----- ENTRIES SHOWN
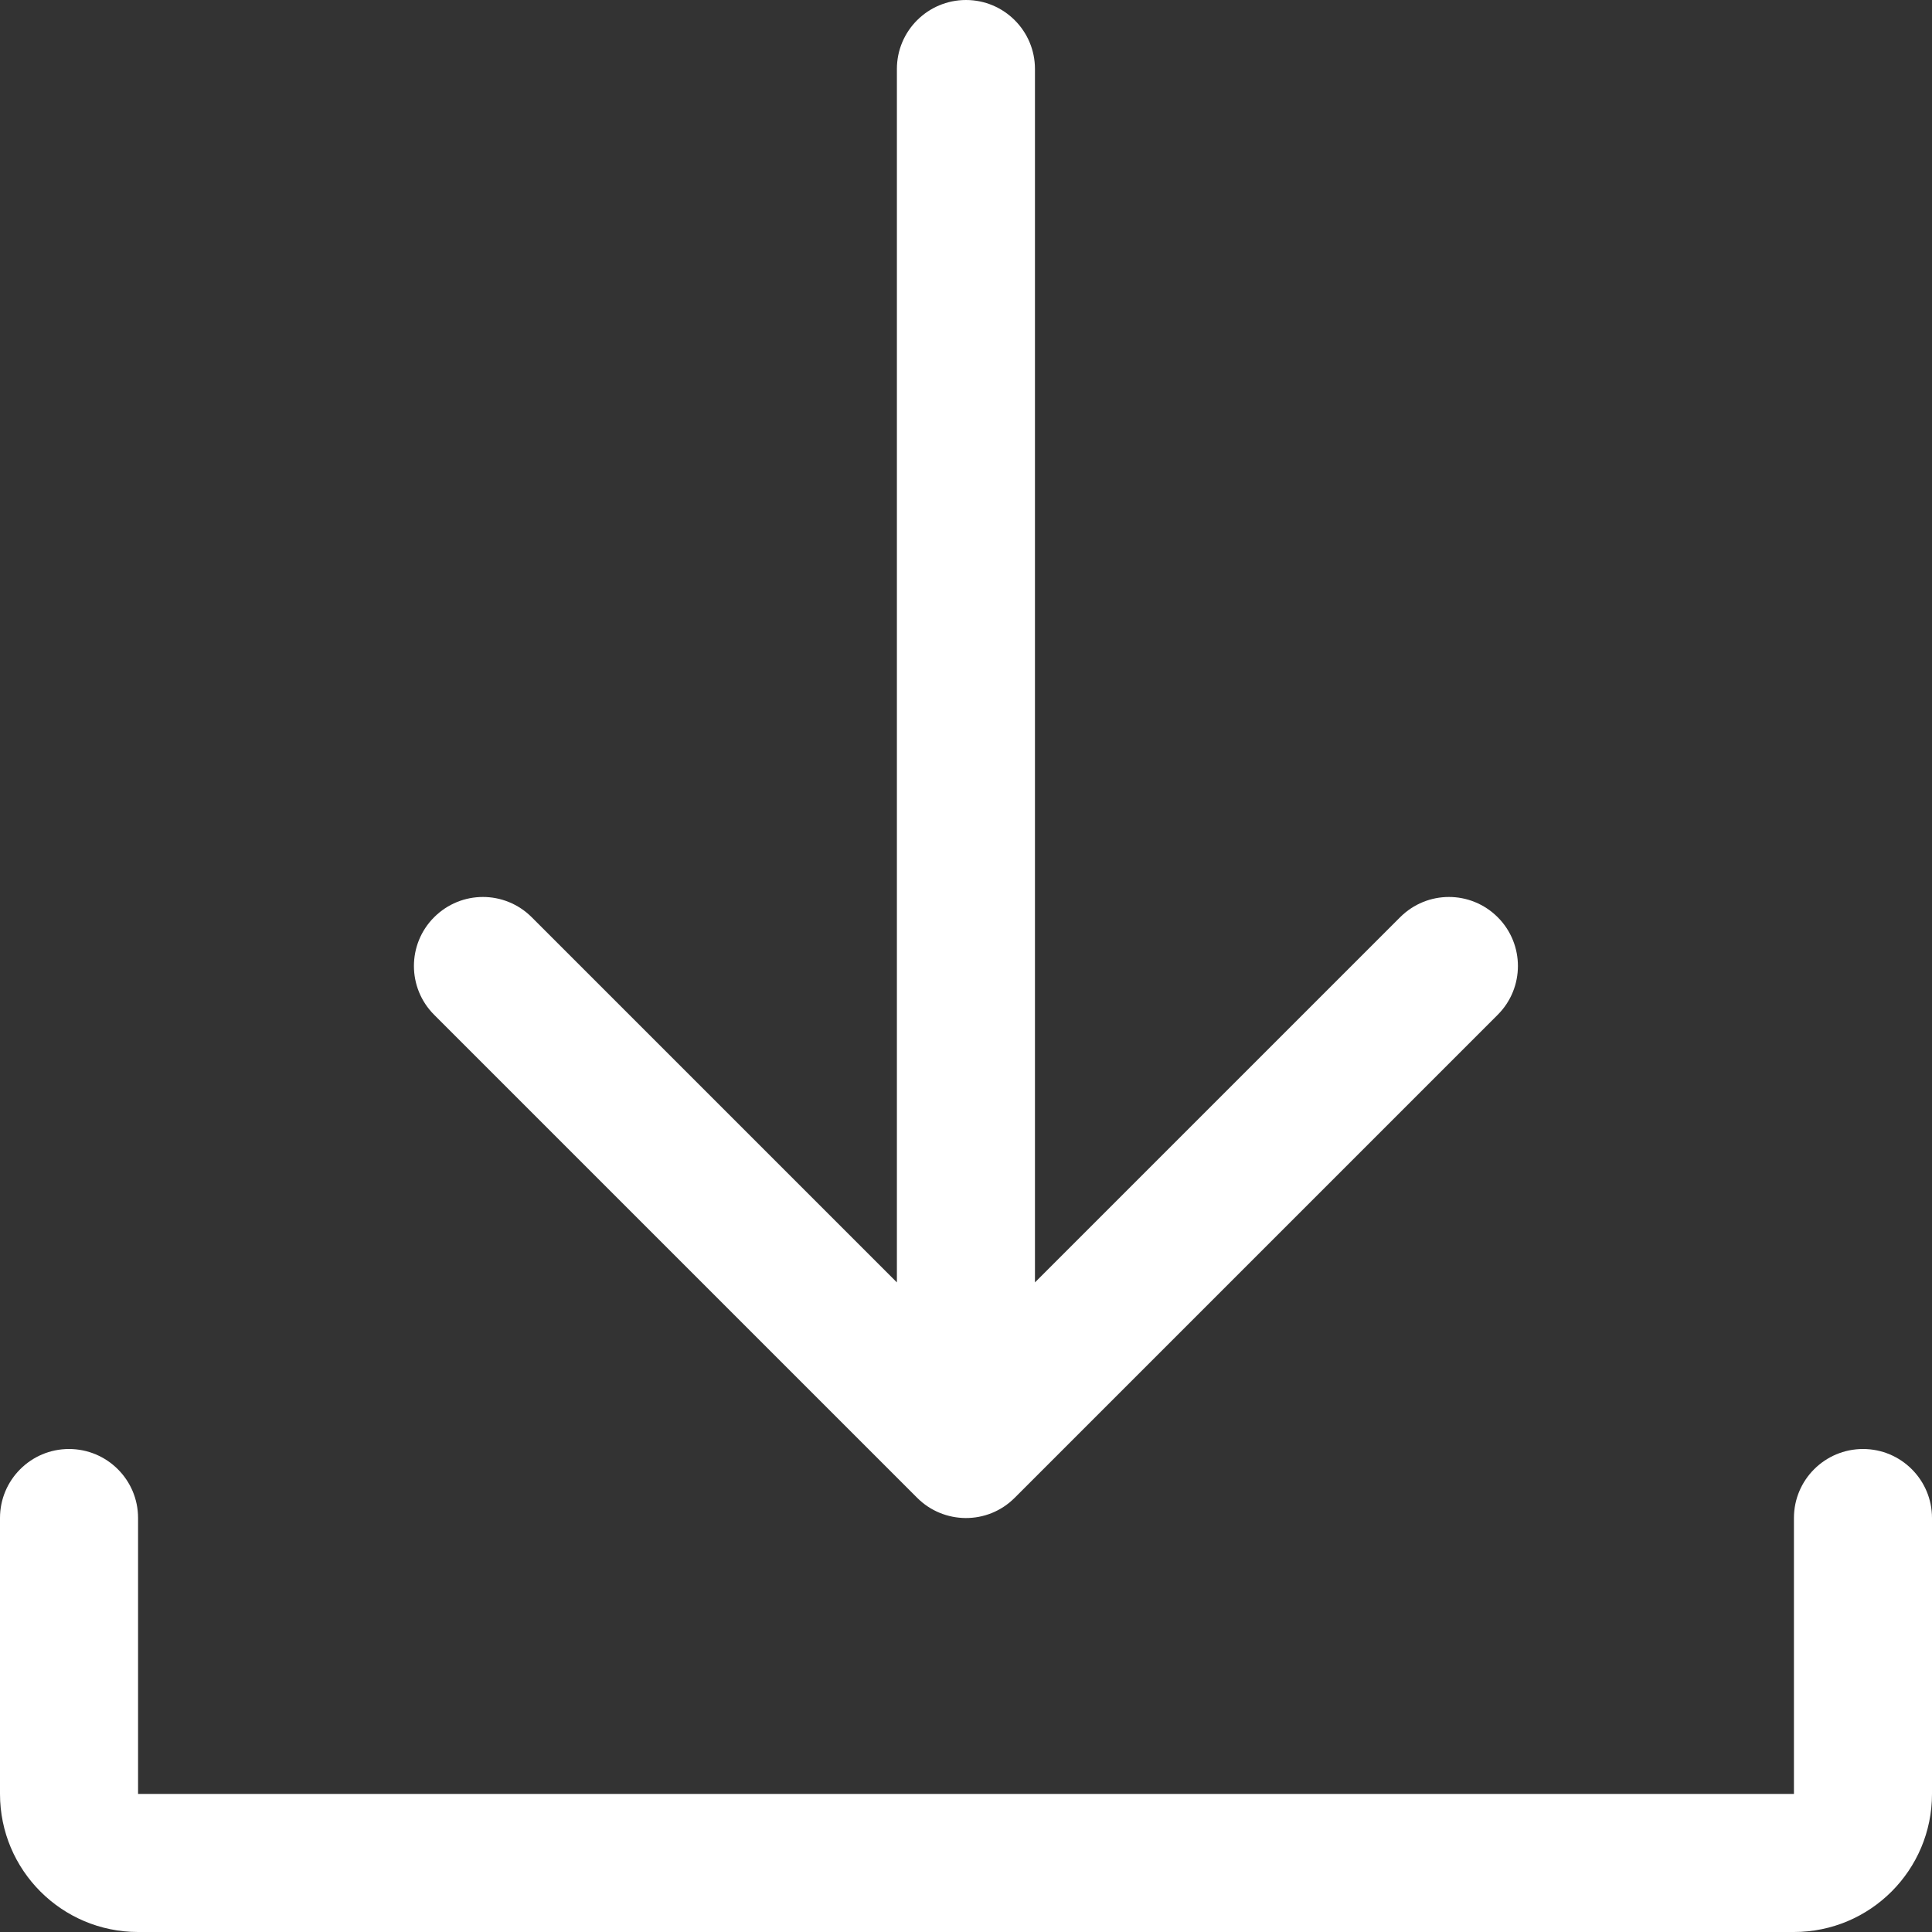 <svg width="13" height="13" viewBox="0 0 13 13" fill="none" xmlns="http://www.w3.org/2000/svg">
<rect x="0" y="0" width="13" height="13" fill="#333333" stroke="none"/>
<path d="M13 10.214V12.071C13 12.584 12.584 13 12.071 13H0.929C0.416 13 0 12.584 0 12.071V10.214C0 9.958 0.208 9.75 0.464 9.75C0.721 9.75 0.929 9.958 0.929 10.214V12.071H12.071V10.214C12.071 9.958 12.279 9.75 12.536 9.75C12.792 9.75 13 9.958 13 10.214Z" fill="white"/>
<path d="M2.921 6.828C2.74 6.647 2.74 6.353 2.921 6.172C3.103 5.99 3.396 5.99 3.578 6.172L6.035 8.629V0.464C6.035 0.208 6.243 0 6.5 0C6.756 0 6.964 0.208 6.964 0.464V8.629L9.421 6.172C9.603 5.99 9.896 5.99 10.078 6.172C10.259 6.353 10.259 6.647 10.078 6.828L6.828 10.078C6.644 10.263 6.349 10.257 6.171 10.078L2.921 6.828Z" fill="white"/>
</svg>

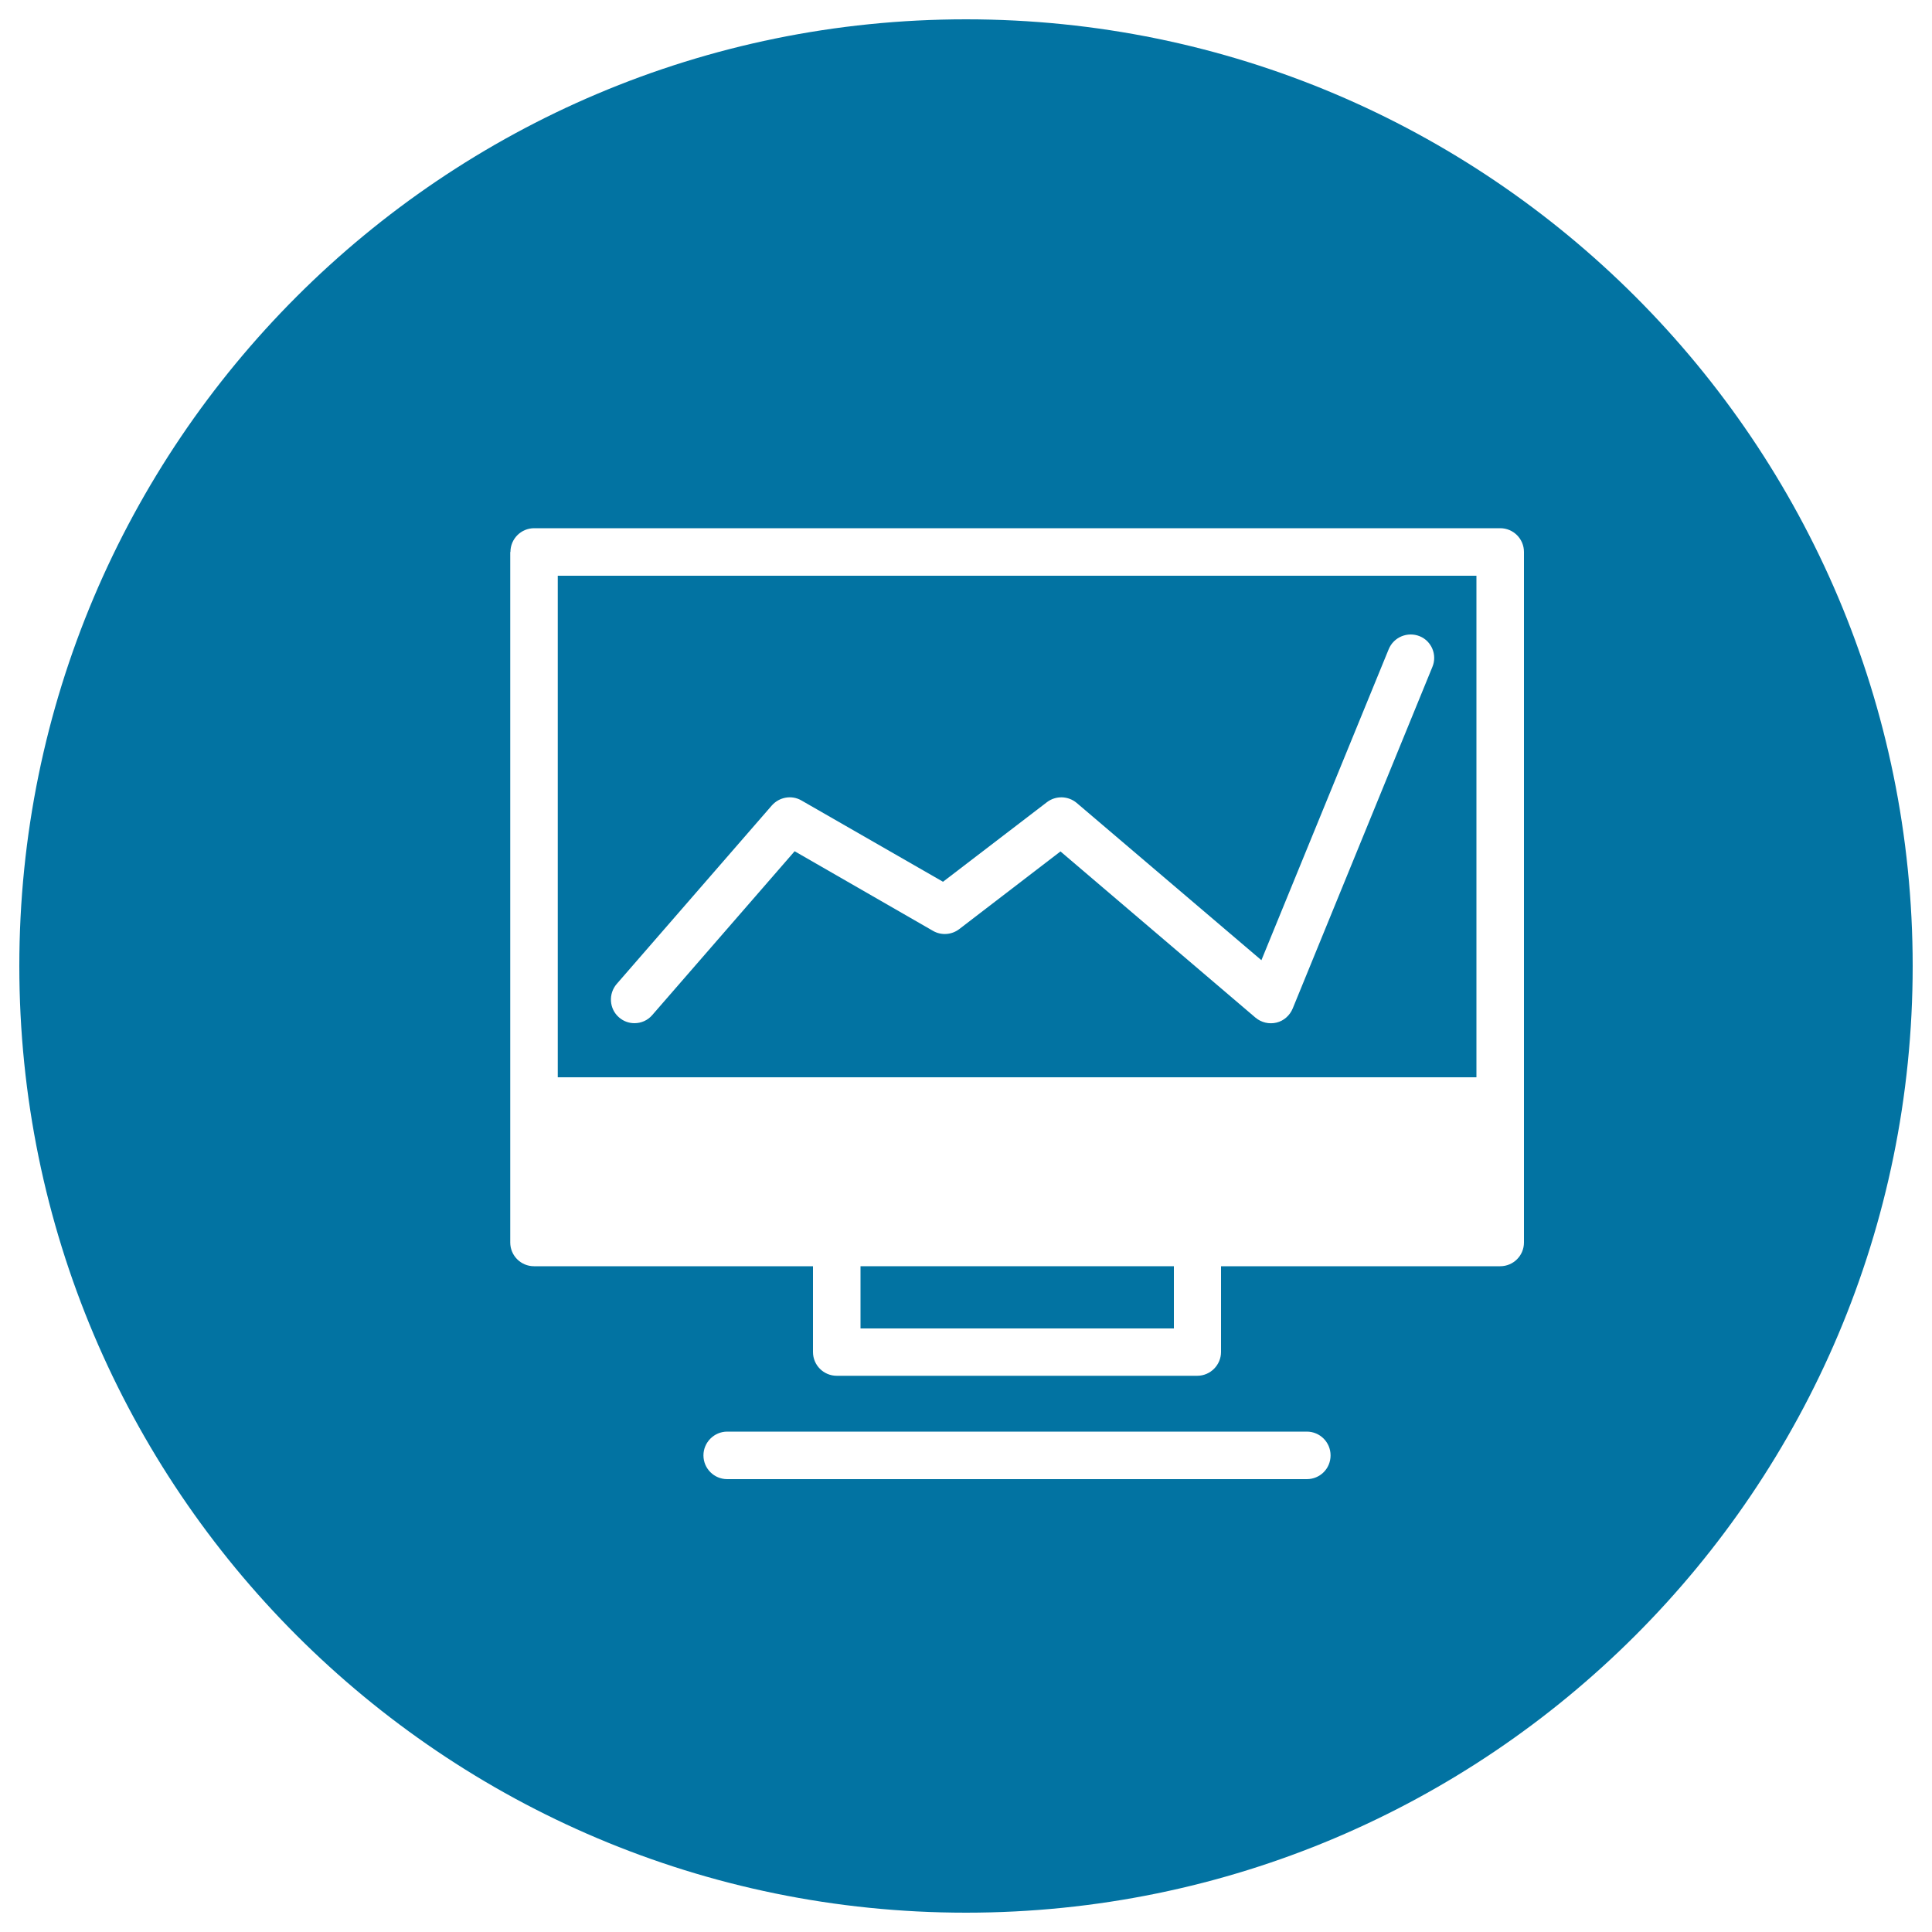 <svg xmlns="http://www.w3.org/2000/svg" viewBox="0 0 1000 1000" style="fill:#0273a2">
<title>Line Graphic On A Computer Monitor In A Circle SVG icon</title>
<g><g><path d="M764.2,298H288.7v259.6h475.5V298L764.2,298z M741.4,345.2L669.1,522c-1.5,3.6-4.6,6.4-8.4,7.3c-3.8,0.9-7.8,0-10.9-2.6l-100.9-86l-52.4,40.2c-3.9,3-9.3,3.4-13.6,0.9l-71.6-41.2l-73.7,84.8c-2.4,2.8-5.8,4.2-9.2,4.2c-2.9,0-5.7-1-8-3c-5.1-4.4-5.6-12.2-1.2-17.3l80.3-92.4c3.9-4.4,10.3-5.5,15.3-2.6l73.3,42.1l53.8-41.2c4.6-3.5,11-3.3,15.4,0.4l95.6,81.4L718.8,336c2.6-6.3,9.8-9.2,16-6.7C741,331.8,744,339,741.4,345.2z"/><rect x="445.4" y="655.4" width="162.2" height="32.2"/><path d="M500,990c270.6,0,490-219.4,490-490c0-270.6-219.4-490-490-490C229.4,10,10,229.4,10,500C10,770.6,229.4,990,500,990z M676.4,765.6h-300c-6.8,0-12.3-5.5-12.3-12.3c0-6.7,5.5-12.3,12.3-12.3h300c6.8,0,12.3,5.5,12.3,12.3C688.7,760.2,683.2,765.6,676.4,765.6z M264.2,285.7c0-6.8,5.5-12.3,12.3-12.3h500c6.8,0,12.3,5.5,12.3,12.3v357.4c0,6.8-5.5,12.3-12.3,12.3H632v44.4c0,6.7-5.5,12.3-12.3,12.3H433.1c-6.8,0-12.3-5.5-12.3-12.3v-44.4H276.4c-6.8,0-12.3-5.5-12.3-12.3V285.7z"/></g></g>
</svg>
----------
__PROBLEM TO WORK ON__
Leave the pictures out, and print every line of the listing exactly as written.

__EXPECTED OUTPUT__
 <svg width="13" height="13" viewBox="0 0 13 13" fill="none" xmlns="http://www.w3.org/2000/svg">
<rect x="0" y="0" width="13" height="13" fill="#333333" stroke="none"/>
<path d="M13 10.214V12.071C13 12.584 12.584 13 12.071 13H0.929C0.416 13 0 12.584 0 12.071V10.214C0 9.958 0.208 9.75 0.464 9.75C0.721 9.75 0.929 9.958 0.929 10.214V12.071H12.071V10.214C12.071 9.958 12.279 9.75 12.536 9.75C12.792 9.75 13 9.958 13 10.214Z" fill="white"/>
<path d="M2.921 6.828C2.74 6.647 2.74 6.353 2.921 6.172C3.103 5.99 3.396 5.99 3.578 6.172L6.035 8.629V0.464C6.035 0.208 6.243 0 6.5 0C6.756 0 6.964 0.208 6.964 0.464V8.629L9.421 6.172C9.603 5.99 9.896 5.99 10.078 6.172C10.259 6.353 10.259 6.647 10.078 6.828L6.828 10.078C6.644 10.263 6.349 10.257 6.171 10.078L2.921 6.828Z" fill="white"/>
</svg>

 <svg xmlns="http://www.w3.org/2000/svg" viewBox="0 0 1000 1000" style="fill:#0273a2">
<title>Line Graphic On A Computer Monitor In A Circle SVG icon</title>
<g><g><path d="M764.2,298H288.7v259.6h475.5V298L764.2,298z M741.4,345.2L669.1,522c-1.5,3.6-4.6,6.4-8.4,7.3c-3.8,0.9-7.8,0-10.9-2.6l-100.9-86l-52.4,40.2c-3.9,3-9.3,3.4-13.6,0.9l-71.6-41.2l-73.7,84.8c-2.4,2.8-5.8,4.2-9.2,4.2c-2.9,0-5.7-1-8-3c-5.1-4.4-5.6-12.2-1.2-17.3l80.3-92.4c3.9-4.4,10.3-5.5,15.3-2.6l73.3,42.1l53.8-41.2c4.6-3.5,11-3.3,15.4,0.4l95.6,81.4L718.8,336c2.6-6.3,9.8-9.2,16-6.7C741,331.8,744,339,741.4,345.2z"/><rect x="445.4" y="655.4" width="162.2" height="32.2"/><path d="M500,990c270.6,0,490-219.4,490-490c0-270.6-219.4-490-490-490C229.4,10,10,229.4,10,500C10,770.6,229.4,990,500,990z M676.4,765.6h-300c-6.8,0-12.3-5.5-12.3-12.3c0-6.7,5.5-12.3,12.3-12.3h300c6.8,0,12.3,5.5,12.3,12.3C688.7,760.2,683.2,765.6,676.4,765.6z M264.2,285.7c0-6.8,5.5-12.3,12.3-12.3h500c6.8,0,12.3,5.5,12.3,12.3v357.4c0,6.8-5.5,12.3-12.3,12.3H632v44.4c0,6.7-5.5,12.3-12.3,12.3H433.1c-6.8,0-12.3-5.5-12.3-12.3v-44.4H276.4c-6.8,0-12.3-5.5-12.3-12.3V285.7z"/></g></g>
</svg>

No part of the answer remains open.